PROVIDED INFORMATION:
____________

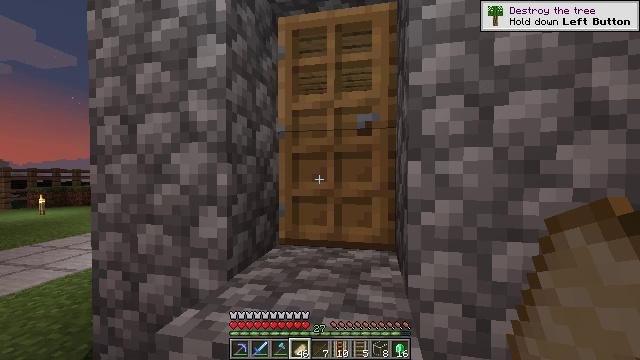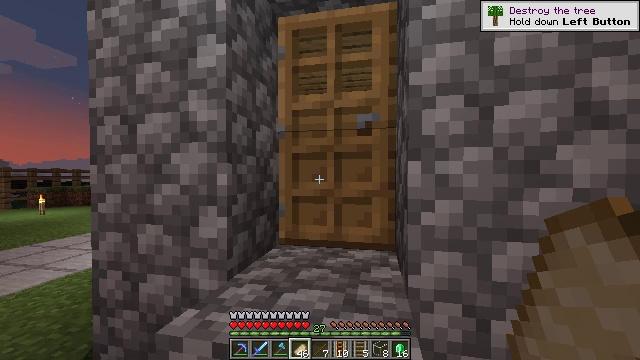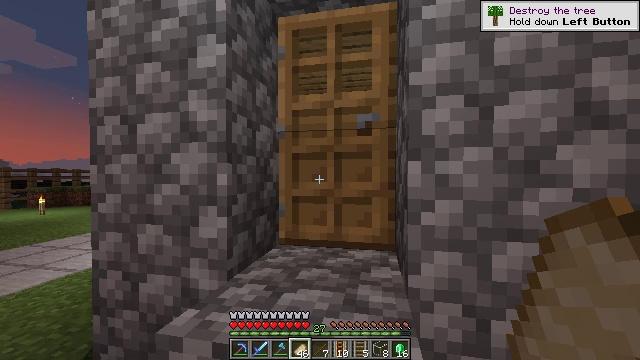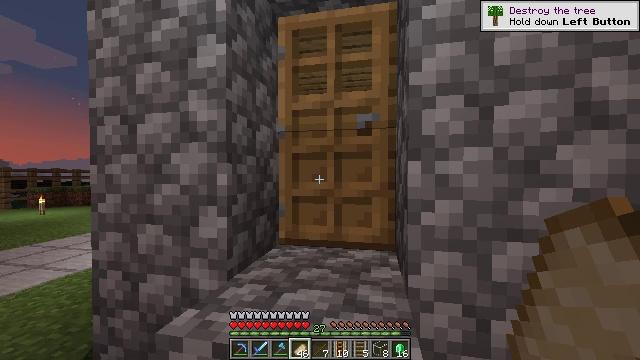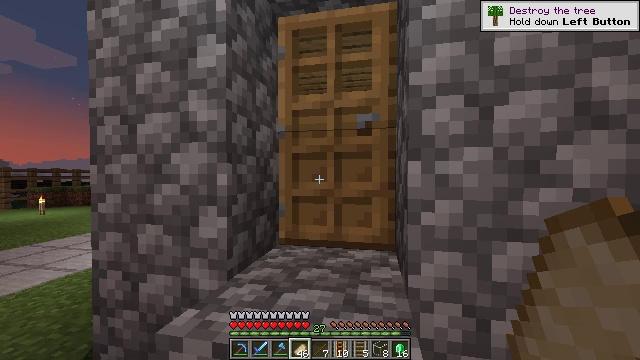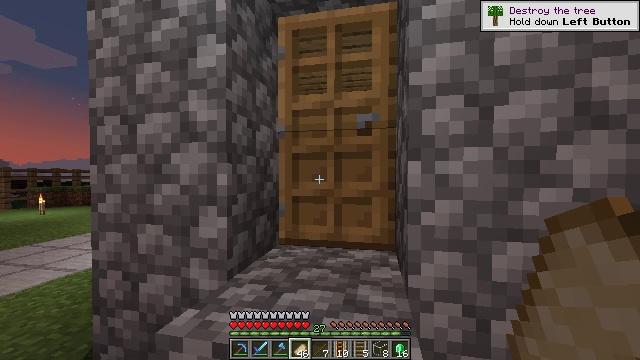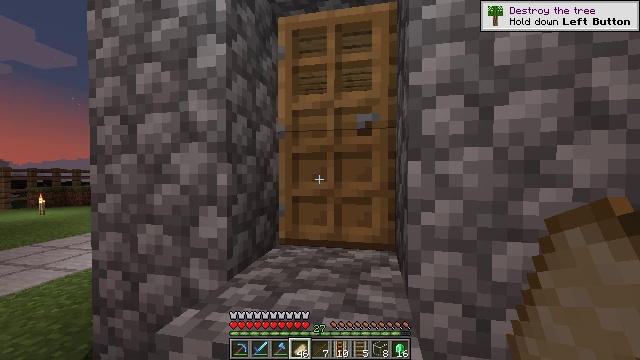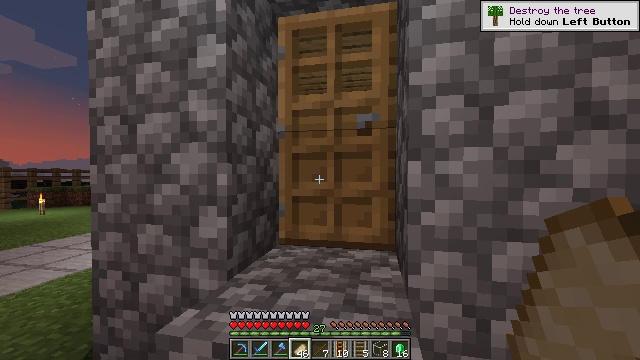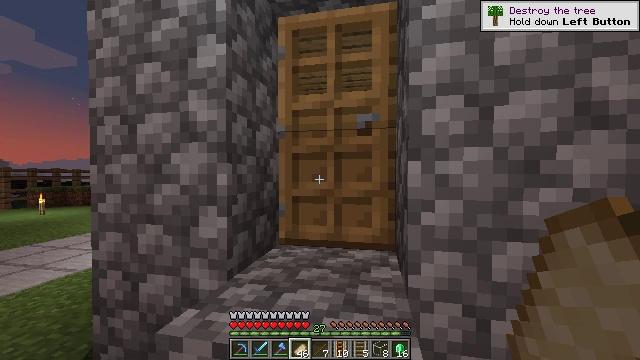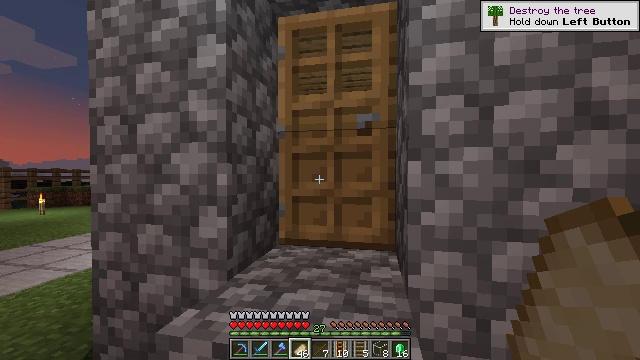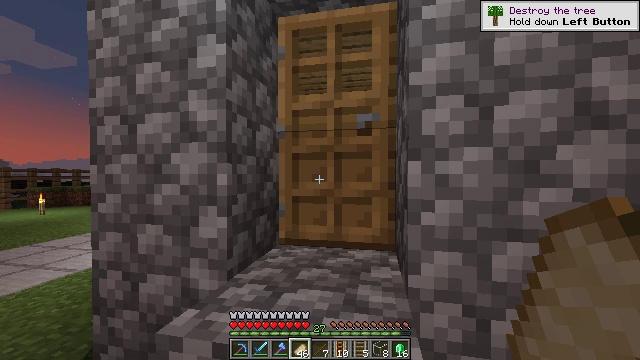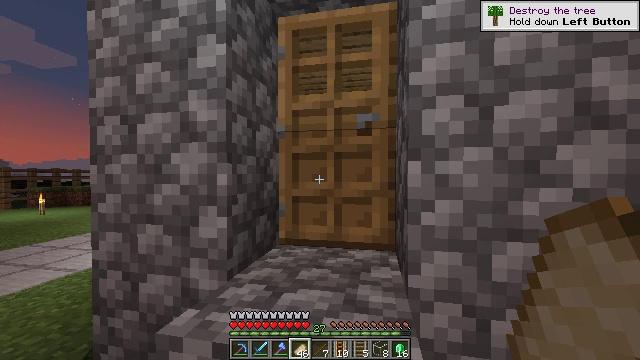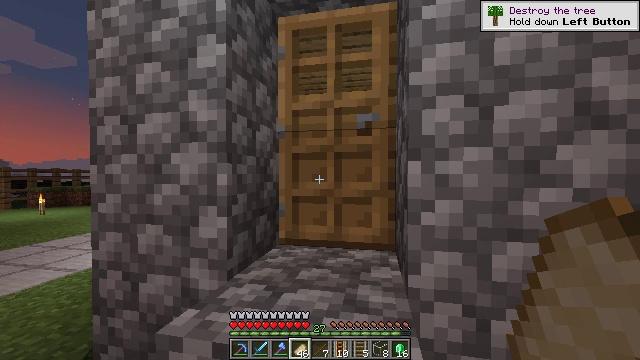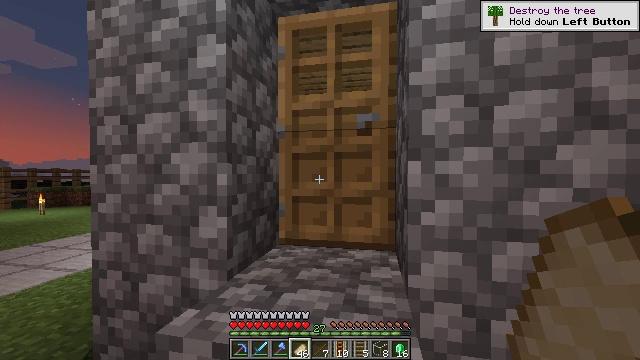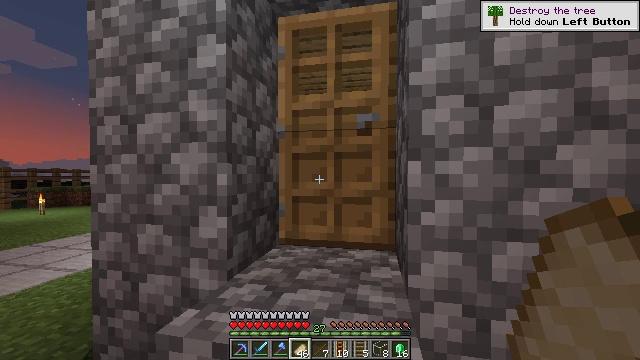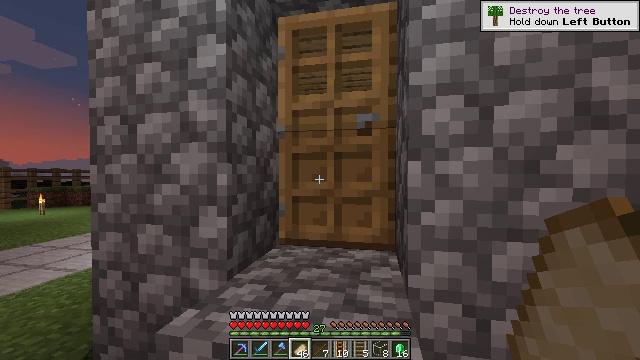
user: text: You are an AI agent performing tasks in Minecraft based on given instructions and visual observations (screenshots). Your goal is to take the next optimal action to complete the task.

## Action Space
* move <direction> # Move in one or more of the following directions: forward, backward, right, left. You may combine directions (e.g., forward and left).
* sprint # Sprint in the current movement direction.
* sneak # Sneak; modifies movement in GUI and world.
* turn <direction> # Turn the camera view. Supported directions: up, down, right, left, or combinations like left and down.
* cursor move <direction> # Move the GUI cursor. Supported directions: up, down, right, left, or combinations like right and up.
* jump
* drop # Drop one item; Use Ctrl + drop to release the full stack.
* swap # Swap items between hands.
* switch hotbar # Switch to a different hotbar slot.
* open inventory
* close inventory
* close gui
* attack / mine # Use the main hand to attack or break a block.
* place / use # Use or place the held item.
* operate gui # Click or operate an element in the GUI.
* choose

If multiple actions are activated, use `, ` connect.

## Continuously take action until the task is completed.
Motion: motion action
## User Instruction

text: Open the furnace and craft a green dye.
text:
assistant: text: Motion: no_op
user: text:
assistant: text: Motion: no_op
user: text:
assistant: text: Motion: no_op
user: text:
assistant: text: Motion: no_op
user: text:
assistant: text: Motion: no_op
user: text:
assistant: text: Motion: no_op
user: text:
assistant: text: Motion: no_op
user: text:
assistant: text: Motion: no_op
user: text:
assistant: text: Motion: no_op
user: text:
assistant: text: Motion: no_op
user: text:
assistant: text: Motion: no_op
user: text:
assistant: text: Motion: no_op
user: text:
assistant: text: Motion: no_op
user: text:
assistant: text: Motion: no_op
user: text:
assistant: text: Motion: no_op
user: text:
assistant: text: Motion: no_op
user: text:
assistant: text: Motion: no_op
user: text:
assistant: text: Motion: no_op
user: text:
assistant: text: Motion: no_op
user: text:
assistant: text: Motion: no_op
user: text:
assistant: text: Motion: no_op
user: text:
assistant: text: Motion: no_op
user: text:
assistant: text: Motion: no_op
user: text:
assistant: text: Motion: no_op
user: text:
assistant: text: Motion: no_op
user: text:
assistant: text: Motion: no_op
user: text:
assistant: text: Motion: no_op
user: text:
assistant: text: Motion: no_op
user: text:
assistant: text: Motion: no_op
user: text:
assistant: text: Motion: no_op

____________

WHAT IS BEING ASKED:
Tally the lines of the listing that hold the string "left", then reply with that number alone.

TASK SOLUTION:
3